There are many compliance requirements that come into effect when a company becomes public, or even as it enters the IPO process. For those standards that may not yet apply, it can be beneficial for a company to adopt certain changes in advance to essentially learn how to think and act like a public company. New corporate governance policies can be established in advance and communicated to employees. The company’s website will need to be reviewed and updated to be consistent with the registration statement. A roadmap for making the transition to becoming compliant with internal controls testing under Section 404 of the Sarbanes‑Oxley Act should be identified, including the engagement of an accounting firm as a consultant if needed. There are rules relating to public communications once a company is in the registration process with the SEC. To ensure that there are no “gun jumping” issues in the middle of the IPO process, company counsel should be asked to advise on publicity guidelines, as well as any interview or public speaking opportunities. The SEC is on alert for potential gun jumping violations, which can result in significant delays or undesired disclosures.
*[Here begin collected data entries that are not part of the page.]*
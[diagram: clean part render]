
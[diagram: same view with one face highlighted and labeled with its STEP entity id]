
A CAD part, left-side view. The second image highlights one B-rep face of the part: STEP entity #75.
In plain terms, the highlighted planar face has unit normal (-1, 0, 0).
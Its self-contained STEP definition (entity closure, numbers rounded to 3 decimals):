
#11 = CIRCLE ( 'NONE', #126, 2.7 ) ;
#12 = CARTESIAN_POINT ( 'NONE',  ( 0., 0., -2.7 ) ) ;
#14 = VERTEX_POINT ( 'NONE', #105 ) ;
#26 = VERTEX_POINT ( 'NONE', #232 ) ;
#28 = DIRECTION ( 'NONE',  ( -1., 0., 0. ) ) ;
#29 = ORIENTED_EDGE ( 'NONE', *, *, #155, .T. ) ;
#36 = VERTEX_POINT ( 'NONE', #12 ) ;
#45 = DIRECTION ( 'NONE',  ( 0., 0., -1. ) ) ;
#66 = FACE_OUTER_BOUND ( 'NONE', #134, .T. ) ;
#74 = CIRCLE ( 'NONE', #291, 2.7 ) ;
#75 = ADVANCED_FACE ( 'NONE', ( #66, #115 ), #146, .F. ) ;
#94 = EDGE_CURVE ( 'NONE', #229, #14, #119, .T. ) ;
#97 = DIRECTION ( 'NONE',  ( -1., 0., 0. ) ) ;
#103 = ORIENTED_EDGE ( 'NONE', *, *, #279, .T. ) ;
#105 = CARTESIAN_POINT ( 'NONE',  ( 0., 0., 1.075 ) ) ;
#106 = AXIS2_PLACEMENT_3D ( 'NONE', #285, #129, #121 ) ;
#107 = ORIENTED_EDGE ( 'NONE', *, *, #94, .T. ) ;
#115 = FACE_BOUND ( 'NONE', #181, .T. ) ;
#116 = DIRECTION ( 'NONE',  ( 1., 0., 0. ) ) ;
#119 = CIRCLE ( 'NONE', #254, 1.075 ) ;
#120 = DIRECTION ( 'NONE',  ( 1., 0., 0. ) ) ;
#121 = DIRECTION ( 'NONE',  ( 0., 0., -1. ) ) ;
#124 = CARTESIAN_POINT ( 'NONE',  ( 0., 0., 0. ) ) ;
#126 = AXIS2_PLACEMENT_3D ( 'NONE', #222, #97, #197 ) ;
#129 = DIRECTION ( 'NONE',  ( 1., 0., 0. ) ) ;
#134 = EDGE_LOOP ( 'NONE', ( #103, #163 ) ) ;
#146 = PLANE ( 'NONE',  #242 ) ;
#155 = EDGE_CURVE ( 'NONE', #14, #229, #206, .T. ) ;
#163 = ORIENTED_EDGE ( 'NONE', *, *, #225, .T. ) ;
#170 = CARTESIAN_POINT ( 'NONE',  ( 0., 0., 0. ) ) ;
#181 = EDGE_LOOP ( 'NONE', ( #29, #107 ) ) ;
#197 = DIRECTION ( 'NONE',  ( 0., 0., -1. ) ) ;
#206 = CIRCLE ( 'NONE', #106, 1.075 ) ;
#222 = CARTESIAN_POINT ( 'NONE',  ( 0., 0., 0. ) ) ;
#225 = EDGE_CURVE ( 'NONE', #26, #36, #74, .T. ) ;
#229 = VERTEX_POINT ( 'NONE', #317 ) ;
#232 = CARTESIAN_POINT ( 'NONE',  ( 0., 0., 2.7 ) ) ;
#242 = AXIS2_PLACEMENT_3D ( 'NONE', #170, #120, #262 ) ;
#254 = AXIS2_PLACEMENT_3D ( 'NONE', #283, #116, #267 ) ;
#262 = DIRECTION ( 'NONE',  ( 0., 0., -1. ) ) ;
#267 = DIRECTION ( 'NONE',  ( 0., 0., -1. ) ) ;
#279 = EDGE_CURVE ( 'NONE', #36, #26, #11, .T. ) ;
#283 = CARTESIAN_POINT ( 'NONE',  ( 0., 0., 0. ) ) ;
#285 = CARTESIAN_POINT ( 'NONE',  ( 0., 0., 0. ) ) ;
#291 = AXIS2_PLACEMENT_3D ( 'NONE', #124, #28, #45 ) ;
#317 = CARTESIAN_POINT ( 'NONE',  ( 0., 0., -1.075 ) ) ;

Due to the length of the IPO process and the fact that business does not come to a stop during that time, it is important that companies plan as far ahead as possible regarding major business developments and transactions. For example, consummation of an acquisition of another company or business that exceeds certain materiality thresholds will require that separate audited financial statements for the target be included in the registration statement. If the target does not have audited financial statements available, or is a business within another company and will need to develop “carve‑out” financial statements, this will result in a significant delay. If an acquisition opportunity materializes once the IPO process has begun, management and the board will need to consider the extent of the delay that could result.
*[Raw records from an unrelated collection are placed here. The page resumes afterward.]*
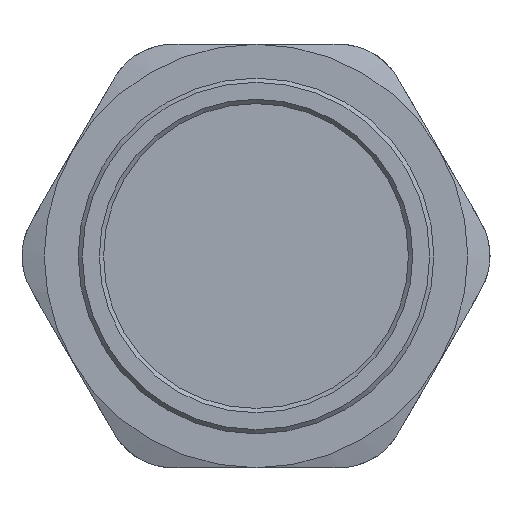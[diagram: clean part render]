
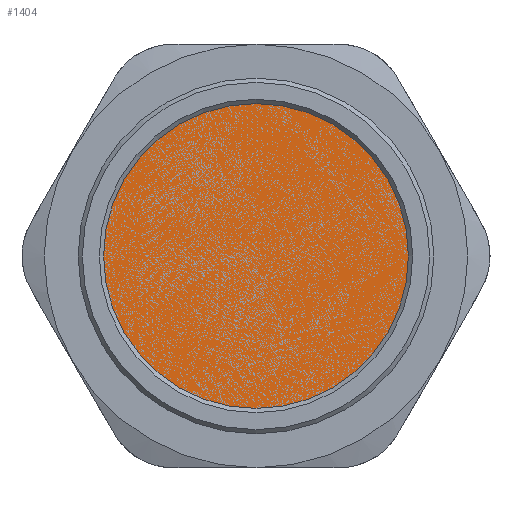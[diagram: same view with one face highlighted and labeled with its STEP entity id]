
A CAD part, front view. The second image highlights one B-rep face of the part: STEP entity #1404.
In plain terms, the highlighted planar face has unit normal (0, 1, 0).
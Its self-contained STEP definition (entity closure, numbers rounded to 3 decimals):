
#456=FACE_OUTER_BOUND('',#544,.T.);
#544=EDGE_LOOP('',(#1288));
#610=CIRCLE('',#1570,21.);
#729=VERTEX_POINT('',#2584);
#916=EDGE_CURVE('',#729,#729,#610,.T.);
#1288=ORIENTED_EDGE('',*,*,#916,.T.);
#1324=PLANE('',#1569);
#1404=ADVANCED_FACE('',(#456),#1324,.T.);
#1569=AXIS2_PLACEMENT_3D('',#2583,#1946,#1947);
#1570=AXIS2_PLACEMENT_3D('',#2585,#1948,#1949);
#1946=DIRECTION('center_axis',(0.,1.,0.));
#1947=DIRECTION('ref_axis',(0.,0.,1.));
#1948=DIRECTION('center_axis',(0.,1.,0.));
#1949=DIRECTION('ref_axis',(-1.,0.,0.));
#2583=CARTESIAN_POINT('Origin',(-5.226,-4.242,0.));
#2584=CARTESIAN_POINT('',(-26.226,-4.242,0.));
#2585=CARTESIAN_POINT('Origin',(-5.226,-4.242,0.));

The company’s underwriters may advocate the completion of certain actions before launching the IPO, such as release of a new product, entry into a material contract or settlement of material litigation, but such events can pose challenges in terms of the IPO schedule. A new product launch may not have enough performance history for a company to be able to make the types of disclosure the underwriters would prefer in the registration statement. Counterparties to material contracts may object to information being disclosed or contracts being publicly filed. Additionally, parties to legal proceedings may try to leverage knowledge of the IPO process or any initial disclosure that may have been made with respect to reserves for such disputes to extract more favorable terms.
A company will be more vulnerable to a hostile takeover attempt once it becomes publicly traded. The board of directors and management of the company must decide whether the additional risk makes it worthwhile to adopt certain anti‑takeover strategies, which are easier to implement while the company is still privately held. Company counsel can advise on what is typical in this situation.